Sati as Spatial Mediator of Calcutta’s Otherness
At the heart of Patterson’s argument is the role of sati in forging Calcutta’s image as an “exotic” capital. The widow’s self‑immolation is framed as both “heroic” and “rational,” traits Holwell ties back to his heterodox Christian belief in metempsychosis. By presenting sati not as a superstitious aberration but as a coherent doctrinal act, Holwell—and by extension Patterson’s reading—casts Calcutta as a city where religious conviction overrides physical space and bodily pain. The pyre mediates the city’s “Otherness,” drawing European observers away from administrative offices into its peripheral inflammations.
Calcutta’s Spatial Hierarchies Undermined
Patterson highlights Holwell’s subversive comparison of Mughal tolerance with European interference. He notes that Mughal authorities never withheld permission for sati—“a privilege…never withheld from them”—while Europeans had at times “forcibly rescued” widows from the flames. This inversion upends spatial hierarchies: the ostensibly “civilized” ruling class appears more tyrannical than the Muslim nawabs. Calcutta, in Patterson’s summary, is remapped as a zone where moral and juridical boundaries shift, and where the colonial project’s self‑image is unsettled by its own spatial practices.
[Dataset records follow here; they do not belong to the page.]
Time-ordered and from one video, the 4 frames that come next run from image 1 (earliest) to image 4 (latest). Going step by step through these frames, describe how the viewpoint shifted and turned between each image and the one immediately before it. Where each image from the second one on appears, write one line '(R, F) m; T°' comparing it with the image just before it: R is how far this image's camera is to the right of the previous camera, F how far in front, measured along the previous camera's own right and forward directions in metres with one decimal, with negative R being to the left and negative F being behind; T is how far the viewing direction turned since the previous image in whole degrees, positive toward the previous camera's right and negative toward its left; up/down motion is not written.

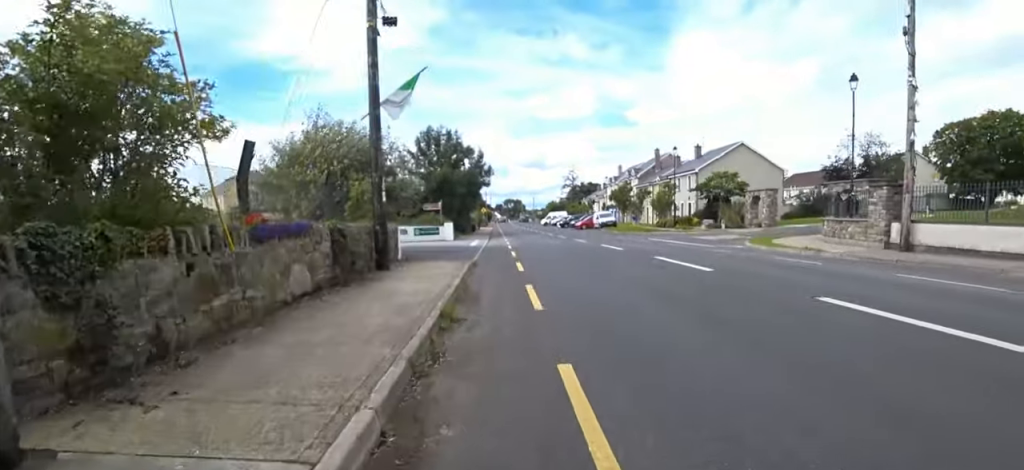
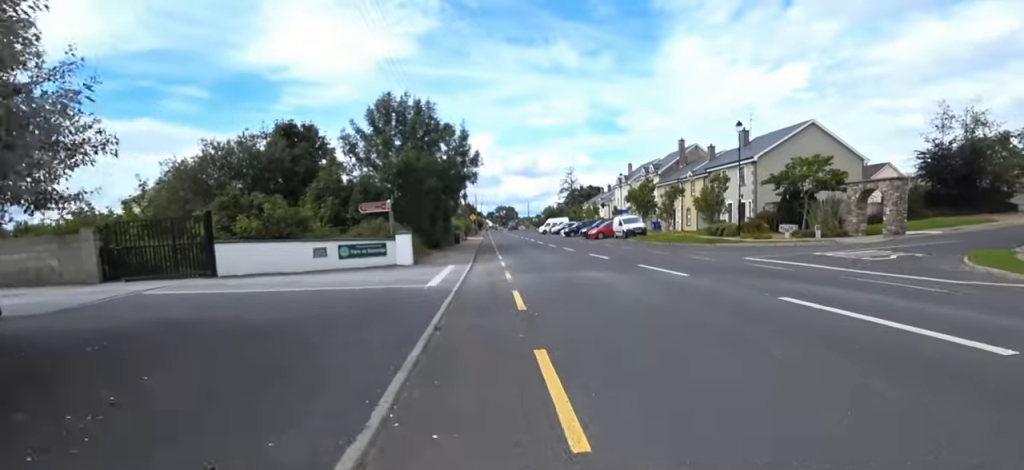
(-1.2, +11.6) m; -7°
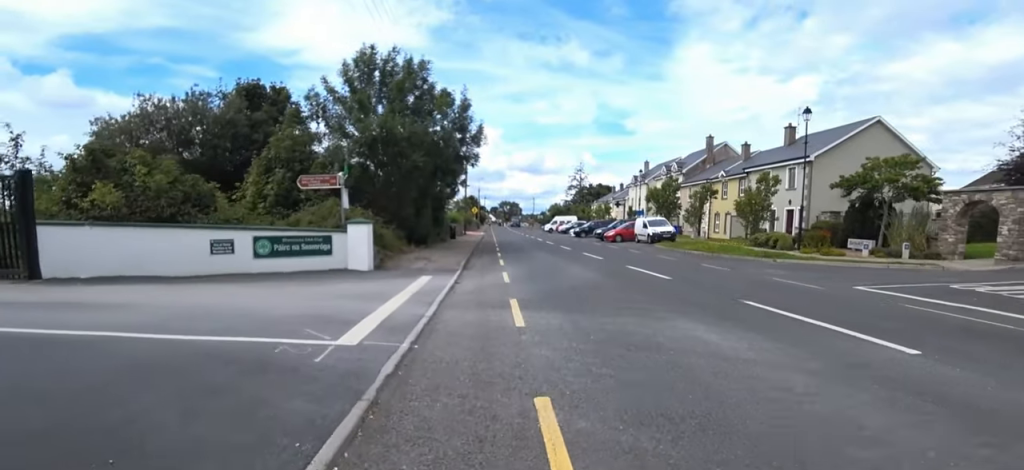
(+0.3, +5.5) m; 0°
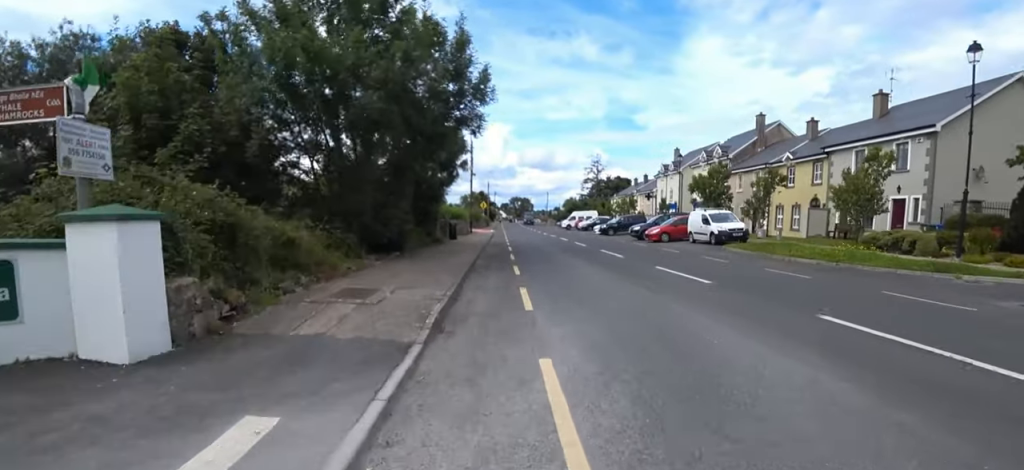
(-0.2, +7.6) m; 0°

The Liminal Widow and the City’s Moral Geography
By focusing on a single act of sati, Patterson shows how Holwell constructs the widow as both margin and center—marginal because she stands outside the city’s administrative grid, central because her sacrifice commands Holwell’s—and his readers’—full attention. In doing so, he transforms Calcutta’s moral geography: the widow’s body becomes the axis around which notions of rationality, piety, and gender revolve. Patterson reads this as a deliberate spatial strategy: by locating the widow at the edge of the city, Holwell collapses the distance between spectator and spectacle, between British governance and indigenous ritual.
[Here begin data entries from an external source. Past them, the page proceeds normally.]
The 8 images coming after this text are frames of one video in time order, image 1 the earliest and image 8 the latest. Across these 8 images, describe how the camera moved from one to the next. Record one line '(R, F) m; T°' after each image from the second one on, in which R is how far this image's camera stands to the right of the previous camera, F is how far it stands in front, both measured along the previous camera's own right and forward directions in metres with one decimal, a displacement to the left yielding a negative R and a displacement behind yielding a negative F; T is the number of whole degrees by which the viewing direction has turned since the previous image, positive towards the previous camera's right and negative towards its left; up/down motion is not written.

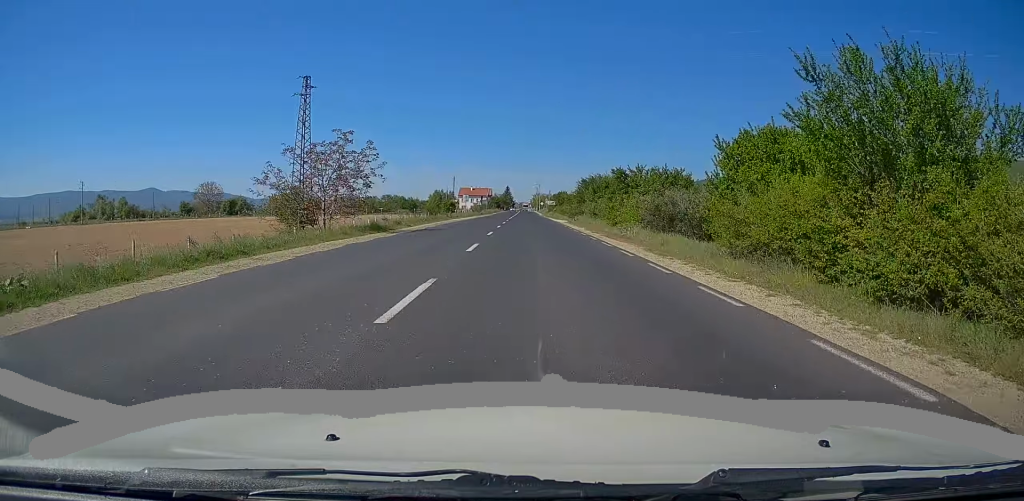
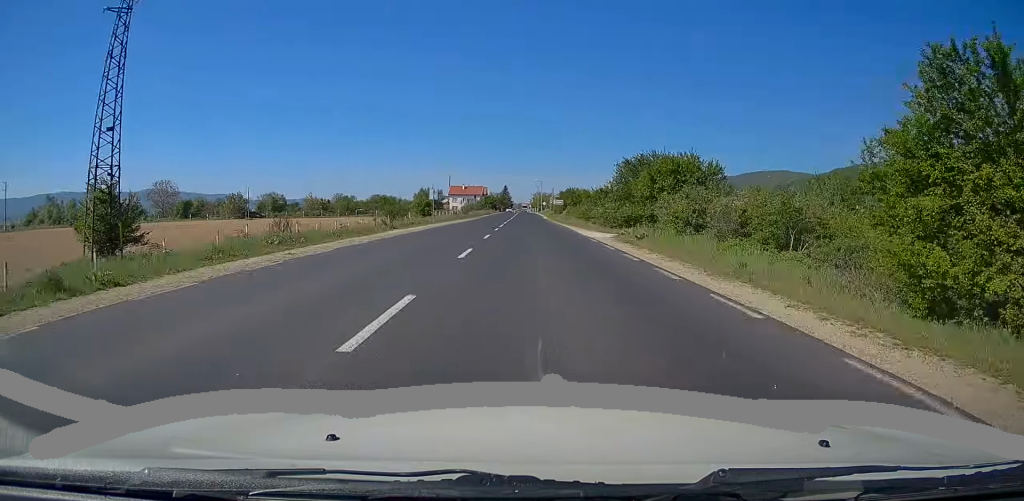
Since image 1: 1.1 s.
(+0.1, +28.5) m; 0°
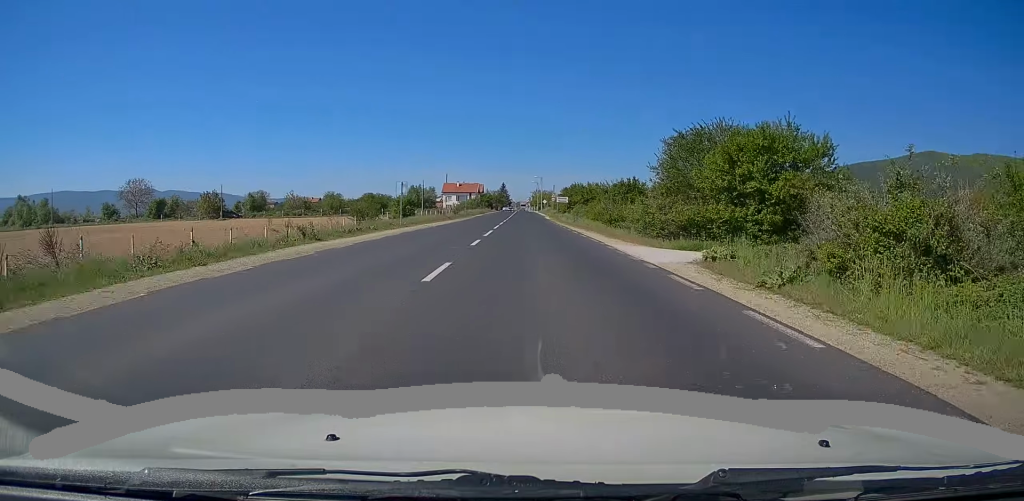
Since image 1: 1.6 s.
(+0.1, +13.3) m; 0°
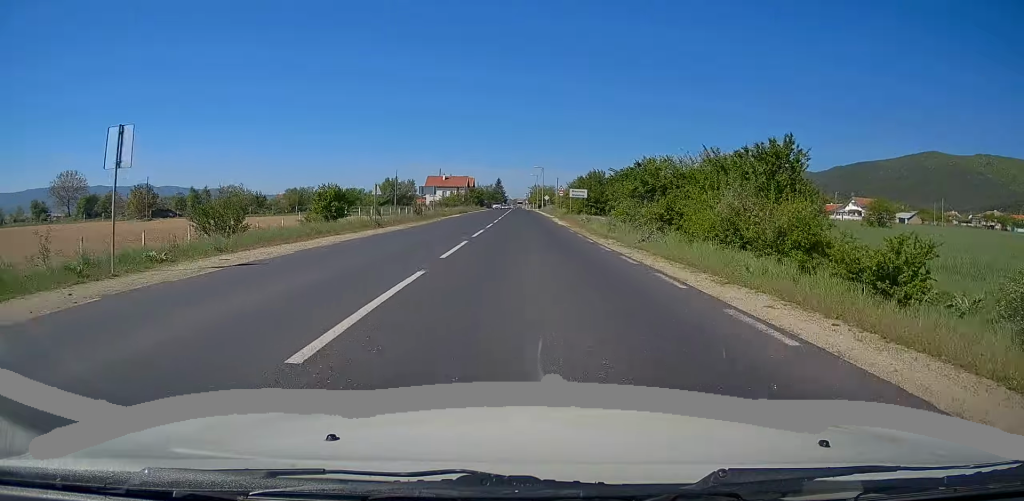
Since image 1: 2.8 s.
(-0.2, +28.8) m; 0°
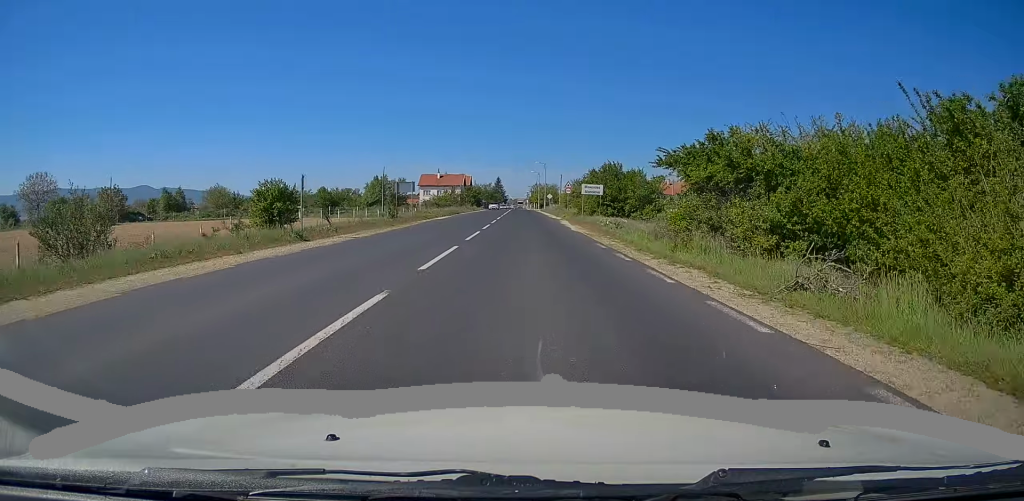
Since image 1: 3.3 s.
(0.0, +11.4) m; 0°
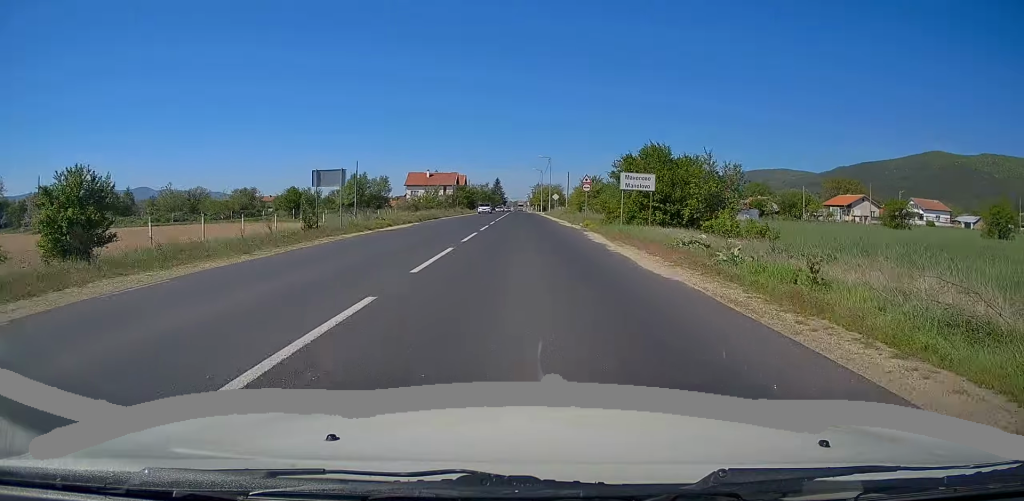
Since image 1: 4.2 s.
(0.0, +18.5) m; 0°
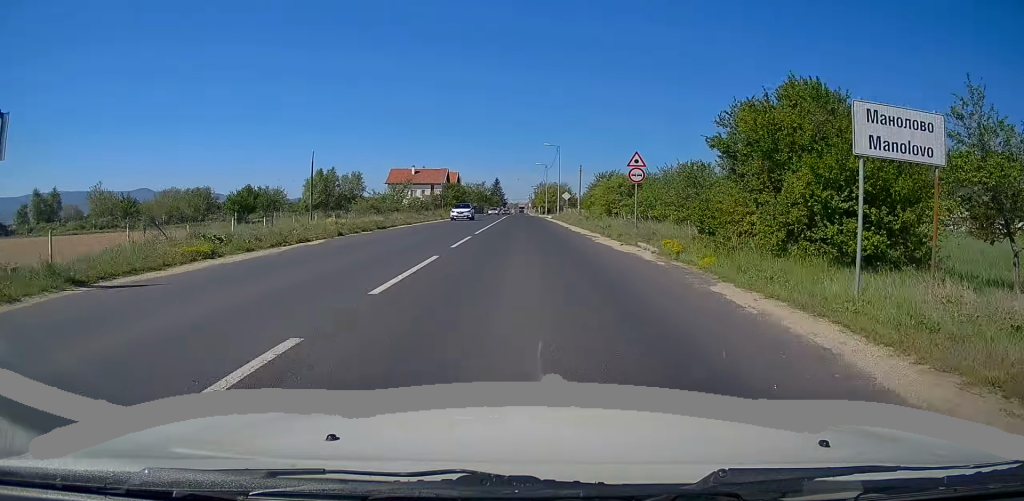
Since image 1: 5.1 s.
(-0.1, +20.5) m; 0°
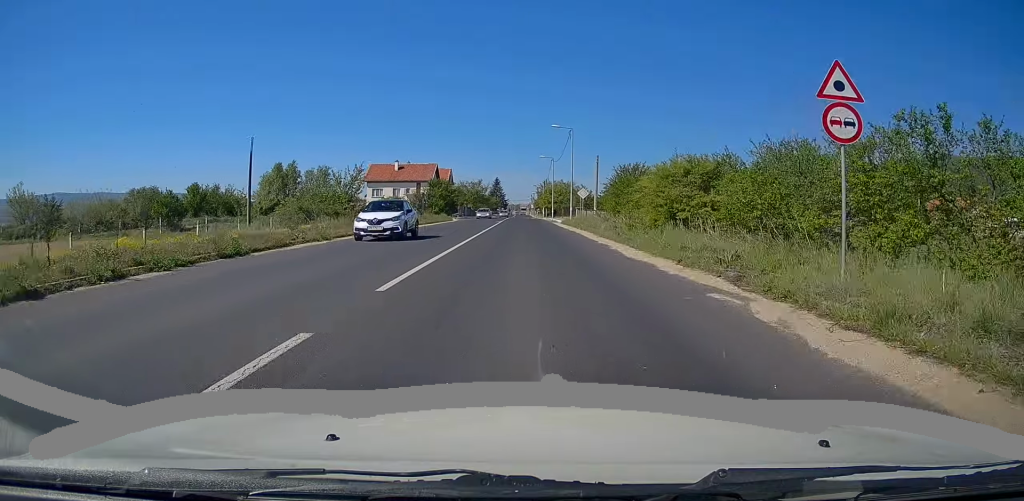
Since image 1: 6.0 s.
(0.0, +17.5) m; +1°

Patterson demonstrates that Holwell’s account of sati does more than describe a ritual. It constructs Calcutta as a layered palimpsest—administrative precincts, hospital wards, suburban cremation grounds, and imperial archives all overlaid by the heat of the pyre. The city emerges as a contested terrain of belief and authority, where the act of voluntary sacrifice mediates European anxieties about power, religion, and knowledge. In Patterson’s interpretation, Holwell’s spatial imagination of Calcutta reveals as much about British intellectual culture as it does about Indian religious practice.
Source
Patterson, J. E. (2017). An Eighteenth-Century Account of Sati: John Zephaniah Holwell’s ‘Religious Tenets of the Gentoos’ and ‘Voluntary Sacrifice’(1767). South Asia: Journal of South Asian Studies, 40(1), 24-39.